Im zugeteilten Sektor galt es Wohnhäuser, Industriehallen und Solaranlagen zu schützen. In einem Dorf zerstörten die Flammen 183 Häuser. Das Team arbeitete in 24-Stunden-Schichten und hatte jeweils zehn bis fünfzehn Personen im Gelände. Im selben Sektor waren insgesamt rund 300 Feuerwehrleute im Einsatz, zusammen mit weiteren internationalen Einheiten.

Schumacher beschrieb einen Feuersturm mit intensiver Hitze, Rauch und dem charakteristischen Geräusch des Brandes. Solche Bedingungen treffen Schweizer Korps nur selten an.

Was in der Schweiz fehlt

Der Kommandant hält fest, dass die Schweizer Wälder kleiner sind als jene in der Gironde. Ein grosser Brand im Land ist für ihn dennoch nur eine Frage der Zeit.

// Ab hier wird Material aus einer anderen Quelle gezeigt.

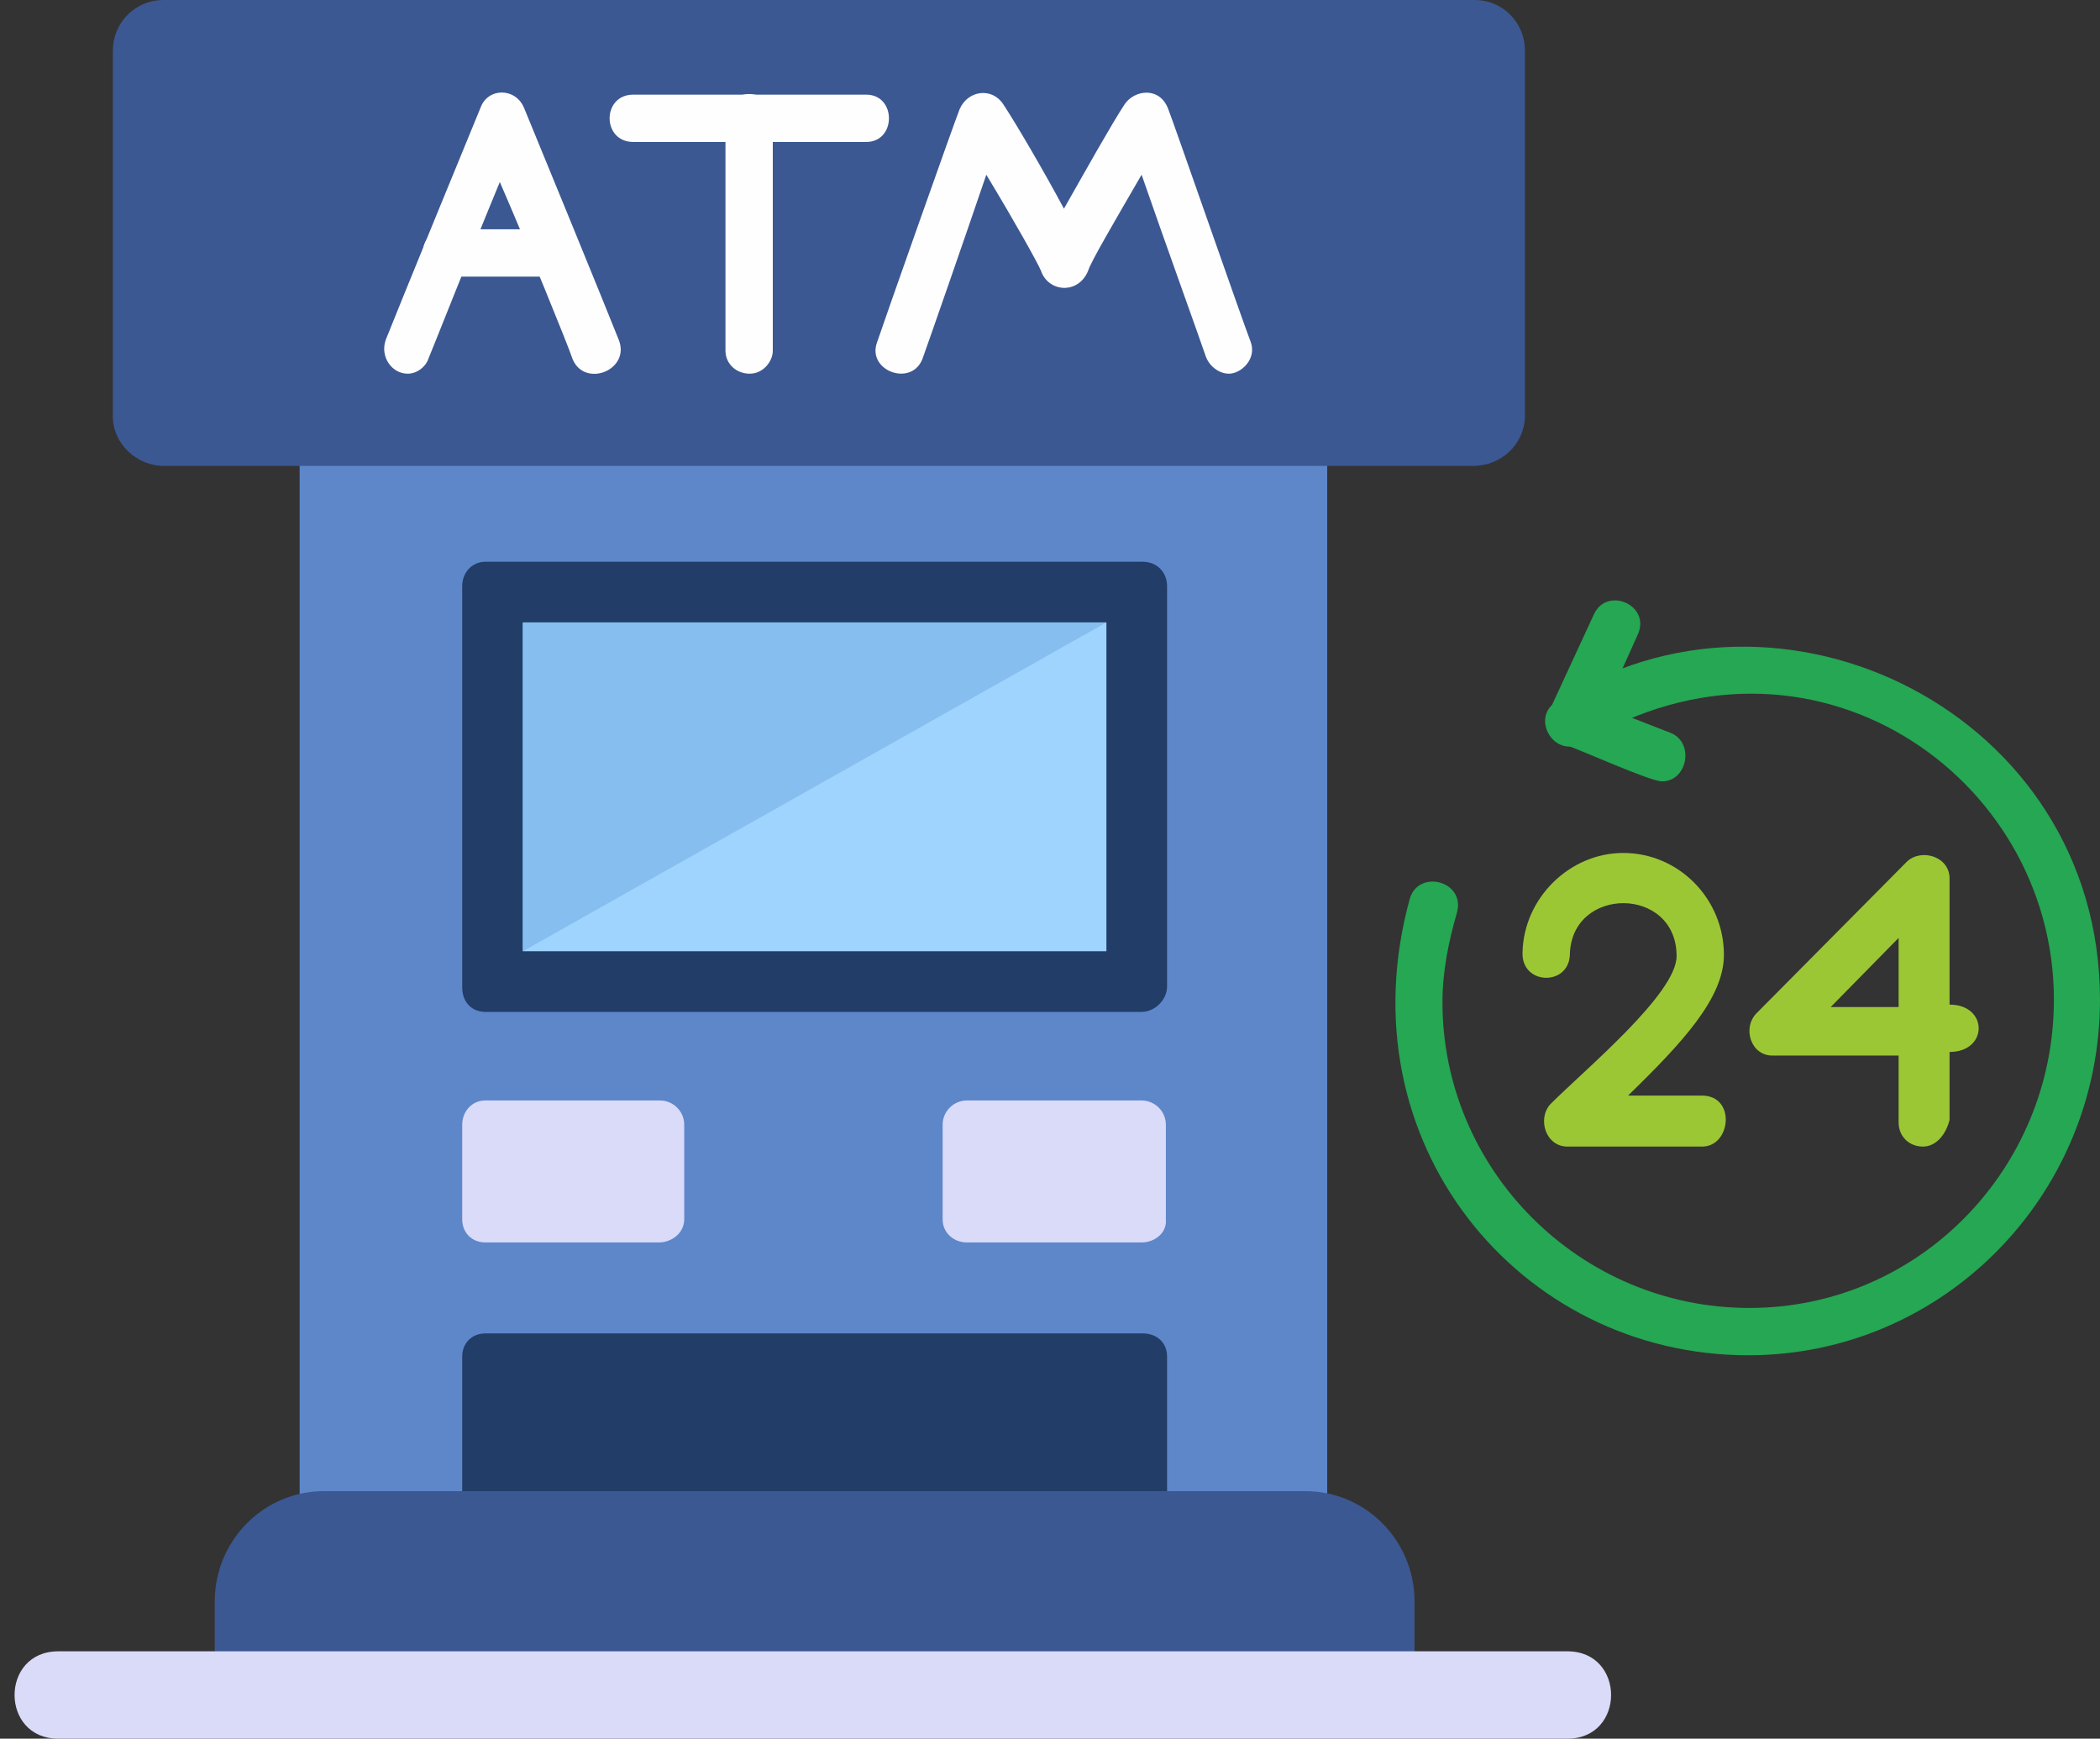 <?xml version="1.0" encoding="UTF-8"?>
<!DOCTYPE svg PUBLIC '-//W3C//DTD SVG 1.0//EN'
          'http://www.w3.org/TR/2001/REC-SVG-20010904/DTD/svg10.dtd'>
<svg clip-rule="evenodd" fill-rule="evenodd" height="1433.0" image-rendering="optimizeQuality" preserveAspectRatio="xMidYMid meet" shape-rendering="geometricPrecision" text-rendering="geometricPrecision" version="1.0" viewBox="-26.0 145.0 1731.0 1433.0" width="1731.0" xmlns="http://www.w3.org/2000/svg" xmlns:xlink="http://www.w3.org/1999/xlink" zoomAndPan="magnify"
><rect x="-26.0" y="145.0" width="1731.0" height="1433.0" fill="#333333" stroke="none"/><g
  ><g id="change1_1"
    ><path d="M260 506l769 0c2,-23 39,-22 39,3l0 885c0,11 -9,21 -20,21 -10,0 -17,-7 -19,-16l-769 0c-3,9 -10,16 -19,16 -11,0 -20,-9 -20,-20l0 -886c0,-25 37,-26 39,-3z" fill="#5e87ca" fill-rule="nonzero"
    /></g
    ><g id="change2_1"
    ><path d="M1559 1090c-11,0 -20,-8 -20,-20l0 -55 -104 0c-18,0 -25,-23 -13,-35l124 -125c12,-11 35,-4 35,14l0 104c32,0 32,39 0,39l0 56c-3,12 -11,22 -22,22zm-76 -115l56 0 0 -57 -56 57z" fill="#9cc735"
    /></g
    ><g id="change2_2"
    ><path d="M1377 1090l-111 0c-18,0 -25,-23 -14,-35 29,-29 104,-91 104,-122 0,-58 -87,-58 -88,-1 -1,26 -40,25 -39,-2 1,-45 39,-82 83,-82 46,0 83,38 83,84 0,36 -35,73 -79,116l61 0c28,0 24,42 0,42z" fill="#9cc735"
    /></g
    ><g id="change3_1"
    ><path d="M1344 789c-10,0 -67,-26 -82,-31 -14,-4 -14,-21 -11,-27l37 -80c11,-23 47,-7 36,17l-27 60 54 21c20,8 14,40 -7,40z" fill="#25a753"
    /></g
    ><g id="change3_2"
    ><path d="M1415 1262c-189,0 -334,-176 -279,-376 7,-25 46,-15 39,11 -7,24 -12,49 -12,74 0,138 113,252 253,252 140,0 251,-115 251,-254 0,-186 -202,-324 -388,-212 -24,14 -43,-20 -23,-33 185,-121 449,9 449,245 0,161 -129,293 -290,293z" fill="#25a753"
    /></g
    ><g id="change4_1"
    ><path d="M1188 529l-1079 0c-22,0 -42,-18 -42,-41l0 -301c0,-23 18,-42 42,-42l1081 0c22,0 41,18 41,42l0 302c-1,22 -19,40 -43,40z" fill="#3b5892"
    /></g
    ><g id="change5_1"
    ><path d="M915 979l-541 0c-11,0 -19,-8 -19,-20l0 -331c0,-11 8,-20 19,-20l542 0c12,0 20,9 20,20l0 330c0,11 -10,21 -21,21z" fill="#213d68"
    /></g
    ><g id="change6_1"
    ><path d="M886 929L886 658 405 658 405 929z" fill="#9fd4fe"
    /></g
    ><g id="change7_1"
    ><path d="M517 1169l-143 0c-11,0 -19,-8 -19,-19l0 -78c0,-11 8,-20 19,-20l144 0c11,0 20,9 20,20l0 78c0,11 -10,19 -21,19z" fill="#dadaf9"
    /></g
    ><g id="change7_2"
    ><path d="M915 1169l-144 0c-11,0 -20,-8 -20,-19l0 -78c0,-11 9,-20 20,-20l144 0c11,0 20,9 20,20l0 78c1,11 -9,19 -20,19z" fill="#dadaf9"
    /></g
    ><g id="change5_2"
    ><path d="M915 1415l-541 0c-11,0 -19,-9 -19,-20l0 -132c0,-11 8,-19 19,-19l542 0c12,0 20,8 20,19l0 132c0,10 -10,20 -21,20z" fill="#213d68"
    /></g
    ><g id="change4_2"
    ><path d="M1119 1562l-949 0c-11,0 -19,-9 -19,-20l0 -77c0,-50 40,-91 90,-91l809 0c50,0 90,41 90,91l0 77c0,11 -10,20 -21,20z" fill="#3b5892"
    /></g
    ><g id="change7_3"
    ><path d="M1266 1578l-1244 0c-48,0 -48,-72 0,-72l1244 0c48,0 48,72 0,72z" fill="#dadaf9"
    /></g
    ><g id="change8_1"
    ><path d="M405 658L405 929 886 658z" fill="#85beef"
    /></g
    ><g id="change9_1"
    ><path d="M310 453c-13,0 -23,-14 -18,-28 7,-18 75,-184 78,-191 6,-17 29,-17 36,0 3,7 71,173 78,191 10,25 -28,40 -38,16 -4,-12 -37,-93 -60,-146 -22,53 -54,134 -59,146 -2,6 -9,12 -17,12z" fill="#fefefe"
    /></g
    ><g id="change9_2"
    ><path d="M432 373l-90 0c-26,0 -26,-39 0,-39l90 0c26,0 26,39 0,39z" fill="#fefefe"
    /></g
    ><g id="change9_3"
    ><path d="M987 453c-8,0 -16,-6 -19,-14 -4,-12 -35,-98 -53,-150 -22,38 -42,72 -44,79 -8,20 -33,18 -39,0 -3,-7 -22,-41 -45,-79 -18,53 -48,139 -52,150 -8,26 -47,12 -38,-12 6,-18 65,-185 68,-192 7,-16 27,-18 36,-4 10,15 34,56 50,86 17,-30 40,-71 50,-86 8,-12 29,-15 36,4 3,7 61,174 68,192 5,14 -8,26 -18,26z" fill="#fefefe"
    /></g
    ><g id="change9_4"
    ><path d="M592 453c-11,0 -20,-8 -20,-19l0 -192c0,-26 39,-26 39,0l0 192c0,9 -8,19 -19,19z" fill="#fefefe"
    /></g
    ><g id="change9_5"
    ><path d="M688 262l-192 0c-26,0 -26,-39 0,-39l192 0c25,0 25,39 0,39z" fill="#fefefe"
    /></g
  ></g
></svg
>

Für die Bewältigung nennt er mehrere Prioritäten. Nötig sind angemessene Ausbildung und Ausrüstung im ganzen Land. Nötig ist eine nationale Koordination unter Einbezug von Polizei, Armee und Zivilschutz. Als unverzichtbar bezeichnet er zudem die Unterstützung aus der Luft mit Helikoptern und Löschflugzeugen.

Die Prävention bleibt aus seiner Sicht die wichtigste Verteidigung, noch vor dem Einsatz gegen die Flammen.

Aus dem Einsatz brachten die Schweizer Feuerwehrleute auch operatives Wissen mit. Die französischen Fachleute vermittelten taktische Doktrinen und praktische Erfahrungen, die in keinem Handbuch stehen. Dieses Material wurde festgehalten und wird der künftigen Ausbildung dienen.

Die Erfahrung betrifft auch die italienische Schweiz, wo Waldbrände in trockenen Jahreszeiten wiederkehren. Das Tessin verfügt bereits über Warndispositive und spezialisierte Einheiten, doch die in Frankreich geschilderten Ereignisse haben eine andere Grössenordnung.